In Washington D.C. the Lincoln Memorial Reflecting Pool was lit to commemorate lives lost, launching the national ceremony that took place on a smaller scale in towns like Jersey City all across the United States.

Making its mark at this event was a “Floral Hearts” wreath, designed by NYC artist Kristina Libby and illuminated by small electric candles, that stood in front of the ornate government building.

Many of those who spoke talked about the inability to give their loved ones the traditional send off most families did before the pandemic struck. Many of the more than 400,000 people who died over the last year as a result of COVID, one attendee said, have almost become invisible in the gathering of statistics. 

“These people are more than statistics,” Sabila Khan, who organized the local event, told the crowd.

Khan, who formed the local group COVID-19 Loss Support for Family & Friends, whose membership had swelled to more than 6,000 since the pandemic began last March, lost her father, Shafqat Khan, in April. He was an activist in the Pakistani-American community in Jersey City.

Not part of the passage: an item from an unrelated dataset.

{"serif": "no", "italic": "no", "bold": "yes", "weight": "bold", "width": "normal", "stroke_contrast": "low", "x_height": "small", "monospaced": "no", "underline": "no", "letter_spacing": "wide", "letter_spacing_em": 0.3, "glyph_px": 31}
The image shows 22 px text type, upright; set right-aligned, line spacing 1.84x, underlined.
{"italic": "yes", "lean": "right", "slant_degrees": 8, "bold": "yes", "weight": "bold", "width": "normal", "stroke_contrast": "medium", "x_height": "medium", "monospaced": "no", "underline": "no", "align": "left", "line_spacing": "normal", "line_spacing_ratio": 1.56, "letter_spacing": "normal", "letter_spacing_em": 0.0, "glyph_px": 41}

"My father was the truest example of a solid, reliable and good human being, who showed up for his family and his community every single day,'' she said

Among those who came to remember was Mayor Steven M. Fulop who had lost grandmother in the pandemic. “She was 93,” he said. “She was not a statistic either.”

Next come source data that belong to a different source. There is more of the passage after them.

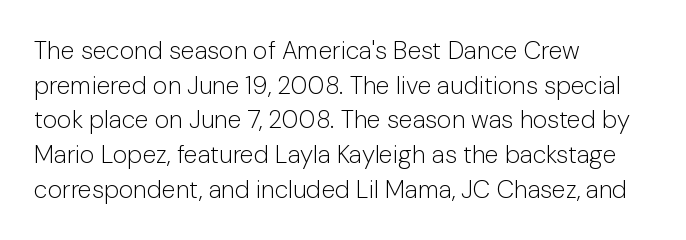
Q: Is the text bold? A: No.
Q: Is the text italic (slanted)? A: No, it is upright.
Q: Is the text underlined? A: No.
Q: How is the paragraph aligned? A: Left-aligned.
Q: Is the spacing between letters normal or unusually wide? A: Normal.
Q: Is the spacing between lines tight, normal or loose? A: Normal.
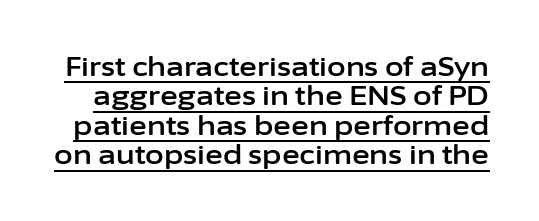
Short note: letters normally spaced. Honestly, the rows look squashed on top of each other. Ordinary non-slanted type is in use. The passage shown is underscored from start to finish.

Stefania McCall also recounted the loss of her father, Stanley Miklas, a U.S. Marine and a Vietnam War veteran, who worked at the Veteran Administration Hospital in New York City. He came down with 104-degree fever and died a week later at home on March 29.

Due to the pandemic, the family could hold no wake or gather at his gravesite. “We just waved goodbye from the cemetery gates,” she said. "COVID took the strongest man I have ever known, within a week's time.”

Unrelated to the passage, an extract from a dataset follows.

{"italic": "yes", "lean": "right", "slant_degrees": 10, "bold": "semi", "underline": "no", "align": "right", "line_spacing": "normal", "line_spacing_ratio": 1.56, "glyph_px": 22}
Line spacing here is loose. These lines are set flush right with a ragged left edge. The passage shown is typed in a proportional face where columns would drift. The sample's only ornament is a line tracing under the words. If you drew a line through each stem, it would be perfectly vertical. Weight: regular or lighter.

He was one of the nearly 18,500 people who died of COVID-related illness in New Jersey.

Vernon Richardson, aide to former Councilman Michael Yun, came close to tears as he recalled the COVID-19 death of Yun in early April, and how huge a loss he felt Yun’s passing was.

“People would walk away from talking with him not understanding a word he said,” Richardson said. “But you can be assured he understood them. He is someone I miss dearly. He is someone who really cared about the community.”

Councilmember Mira Prinz-Arey, James Solomon and Rolando Lavarro, the third of whom fought his own battle with the virus, were also on hand to share condolences for those lost.